À l’origine de la SMEP, ses fondateurs n’avaient pas la possibilité d’envoyer des missionnaires au loin, les anciennes colonies françaises des Antilles étant fermées aux missions protestantes assimilées, par le gouvernement, à des entreprises d’infiltration britannique. Dans les colonies françaises d’Afrique, le Sénégal et l’Algérie, le gouvernement s’était engagé auprès des autorités musulmanes à ne pas favoriser la mission chrétienne. Aussi les groupes d’amis des missions constitués en province dès 1819 collectent-ils des fonds pour la Mission de Bâle. Quant à la première Maison des missions louée en 1823 au boulevard Montparnasse, elle reçoit des élèves missionnaires de Bâle profitant des possibilités offertes par la fameuse École des Langues Orientales de Paris.

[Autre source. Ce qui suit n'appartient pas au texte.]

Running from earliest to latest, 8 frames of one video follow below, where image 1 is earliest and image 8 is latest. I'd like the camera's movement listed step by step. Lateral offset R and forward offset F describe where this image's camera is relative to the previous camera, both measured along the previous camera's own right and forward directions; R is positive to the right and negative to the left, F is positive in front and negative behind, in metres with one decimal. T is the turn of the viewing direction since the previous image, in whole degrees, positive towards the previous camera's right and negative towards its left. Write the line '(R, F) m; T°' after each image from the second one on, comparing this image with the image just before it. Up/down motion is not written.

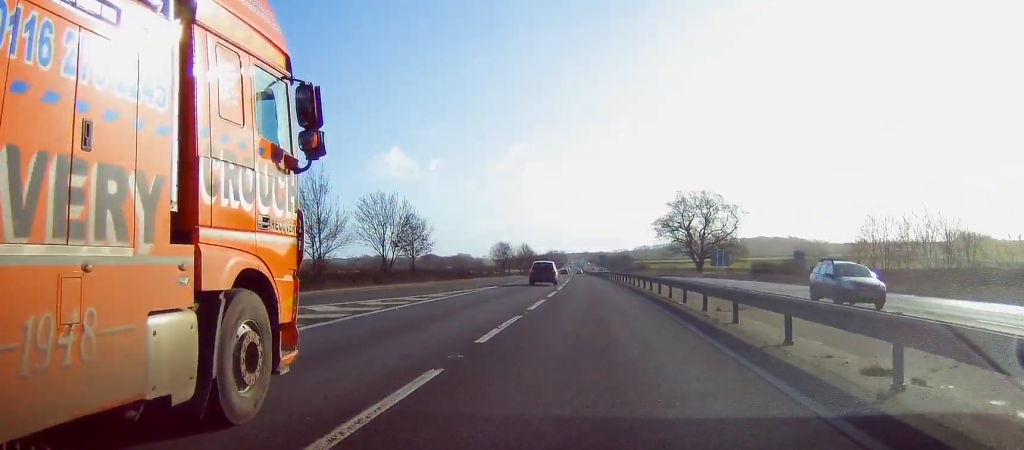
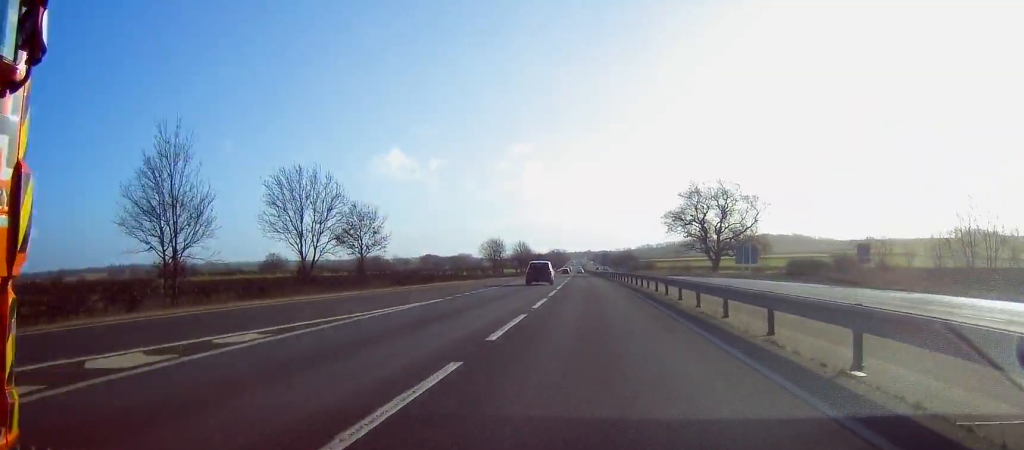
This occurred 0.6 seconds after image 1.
(-0.1, +17.7) m; 0°
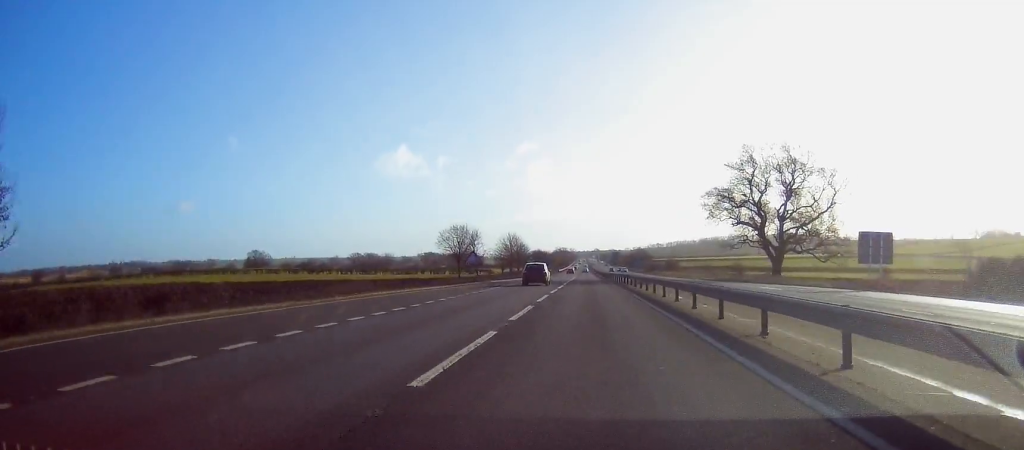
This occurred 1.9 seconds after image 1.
(-0.4, +42.6) m; -1°
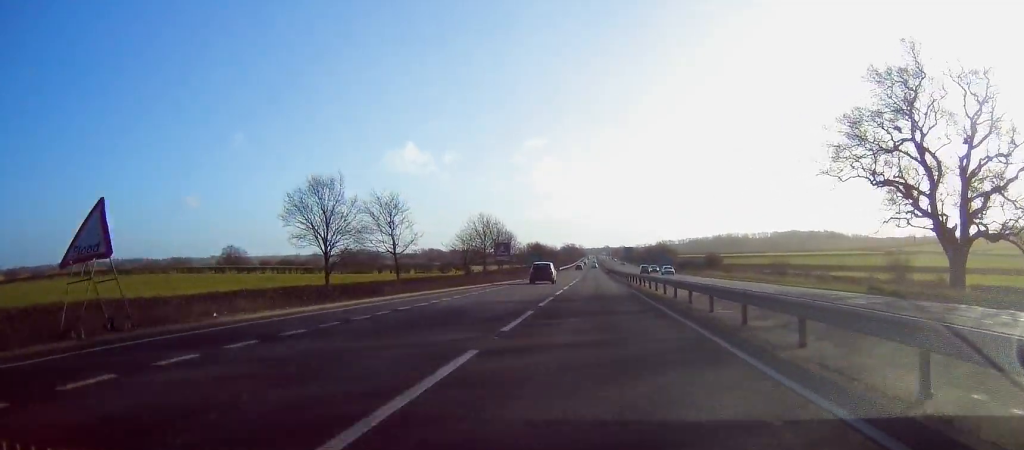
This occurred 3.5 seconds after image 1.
(-0.6, +49.9) m; -1°
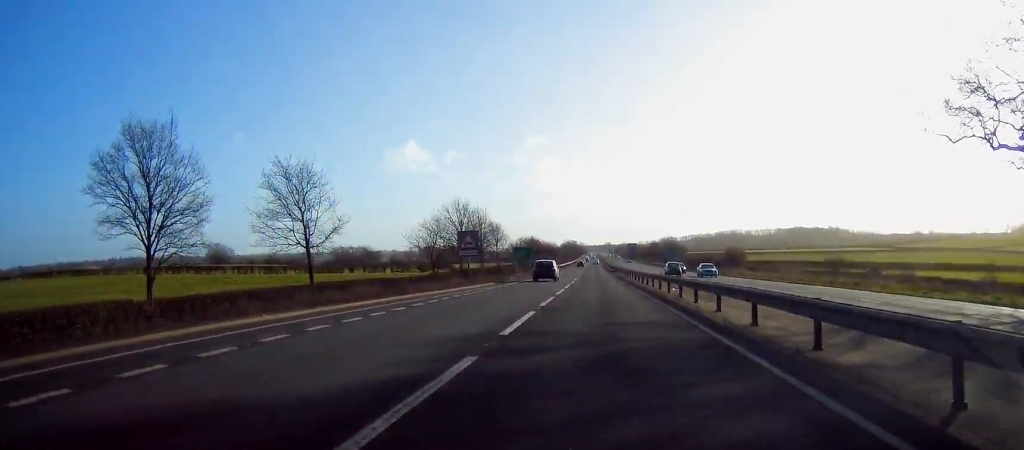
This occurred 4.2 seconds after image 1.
(+0.1, +19.7) m; 0°
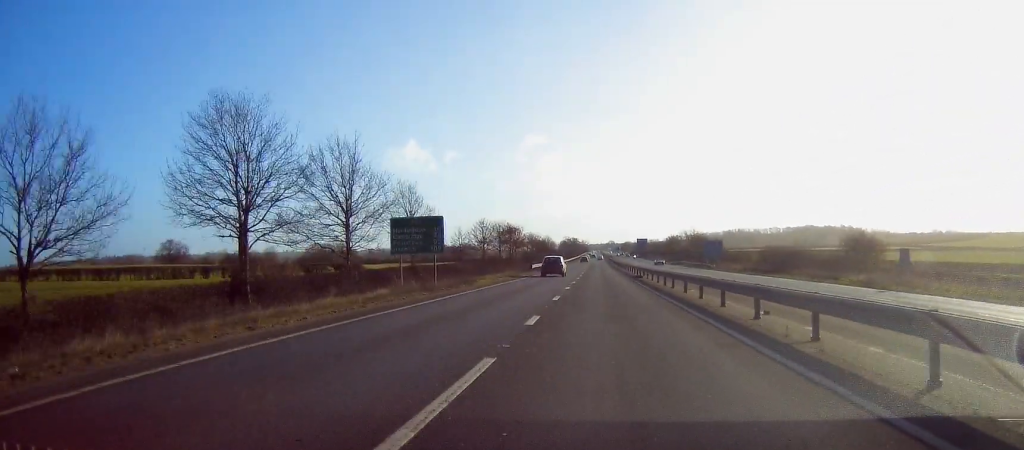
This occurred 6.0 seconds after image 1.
(-0.2, +56.5) m; 0°
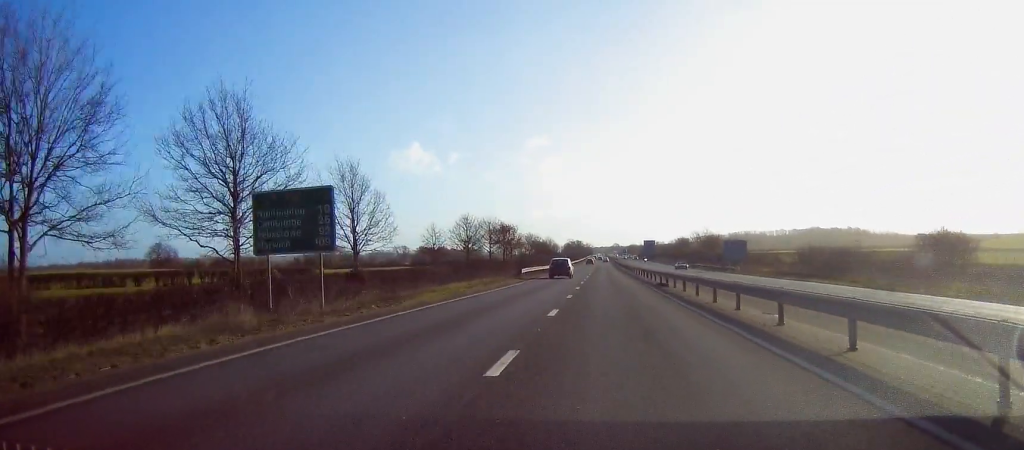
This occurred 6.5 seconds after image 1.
(0.0, +15.8) m; 0°
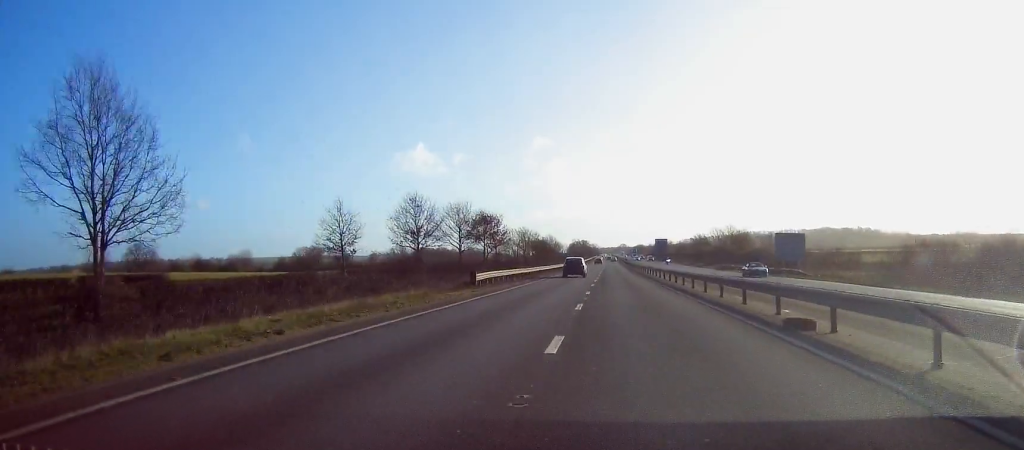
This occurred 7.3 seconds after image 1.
(0.0, +26.2) m; -1°

Mais le désir d’envoyer ses propres missionnaires ne faiblit pas à la SMEP. En 1829, sur les conseils de John Philip, surintendant de la Mission de Londres (LMS) en Afrique du Sud, le Comité parisien ordonne ses trois premiers missionnaires, Samuel Roland, Prosper Lemue et Isaac Bisseux pour le Cap de Bonne Espérance. On trouve la plaque commémorative de cette ordination dans l’Église réformée Sainte-Marie de Paris. Pourquoi l’Afrique du Sud ? Philip avait fait campagne dans cette colonie pour l’amélioration de la condition des Noirs et l’abolition de l’esclavage, proclamée en 1834 dans la foulée de l’abolition britannique. Il voyait là s’ouvrir une porte pour la mission, spécialement pour des protestants français dont les ancêtres huguenots étaient venus se réfugier en Afrique du Sud au XVIIe. Au début du XIXe cette région est en pleine recomposition politique. Les chefs bantous opposés entre eux et en guerre avec les colons Boers, tentent de constituer des « États » relativement indépendants avec l’appui du troisième protagoniste de la situation, les colons Britanniques. Les chefs bantous voient dans les missionnaires européens de possibles conseillers pour consolider leur nation.